Ortega ya había encarcelado al expresidente de la patronal, José Adán Aguerri, a quien no le perdonó que se involucrara en una de las organizaciones civiles que exigen al régimen el fin de la represión y la organización de unas elecciones justas. El 17 de junio ordenó la detención de Luis Rivas Anduray, presidente ejecutivo del Banco de la Producción (Banpro), el principal de Nicaragua, con presencia en Centroamérica, el Caribe y Ecuador, en una acción que generó desconcierto y sorpresa, pero con la que quedó claro que nadie es intocable bajo el Gobierno del exsandinista. A los empresarios encarcelados se les imputan los mismos cargos que al resto de detenidos en la escalada represiva desatada por Ortega: incitar a la injerencia extranjera, pedir intervenciones militares o usar financiamiento externo para ejecutar actos de terrorismo que desestabilicen al régimen. El más llamativo de los cargos, sin embargo, es el establecido en una de las leyes aprobadas a toda carrera por la Asamblea Nacional controlada por Ortega, que tilda de “traidores a la patria” a los detenidos.

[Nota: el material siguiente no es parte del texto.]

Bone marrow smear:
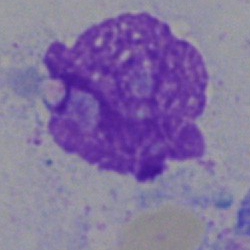 This is an artifact.

La represalia en el caso del presidente del Banpro puede estar ligada a la negativa de esta entidad financiera de seguir haciendo negocios con el régimen, luego de que Estados Unidos impusiera una serie de sanciones al círculo cercano del mandatario. “No es que los bancos hayan tenido muestras de rebeldía, sino que sus acciones [contra el régimen] se deben a una tutela de sus intereses, los bancos cerraron sus instituciones financieras al poder para protegerse. Ortega intenta someter a los grupos económicos más poderosos con este acto de venganza”, analiza el economista Enrique Sáenz.

Tras regresar al poder en 2007, Ortega sabía que necesitaba del apoyo de los empresarios para lograr estabilidad. Creó entonces lo que se llamó un modelo económico de consenso, en el que las decisiones se tomaban entre él y la cúpula empresarial. El mandatario les garantizaba a los empresarios estabilidad y ventajas para hacer negocios, mientras estos no intervenían en las decisiones políticas de Ortega y su deriva autoritaria. Así, permitieron el secuestro de las instituciones, la reforma a la Constitución para que el exguerrillero sandinista se perpetuara en el poder y desarrollara un Gobierno dinástico, con su esposa, Rosario Murillo, como vicepresidenta, y con denuncias de graves violaciones a los derechos humanos y la libertad de prensa. Por otro lado, se aprobaban leyes que permitían hacer negocios y garantizar la estabilidad económica, con un régimen que además mantenía buenas relaciones con el FMI. Nicaragua registró hasta 2018 uno de los crecimientos más grandes y sostenidos del continente, convirtiéndose en destino atractivo para las inversiones. Un empresario extranjero me dijo una vez: “Mira, el hombre [Ortega] está un poco loco, pero la verdad es que Nicaragua en este momento es muy atractiva para hacer negocios”.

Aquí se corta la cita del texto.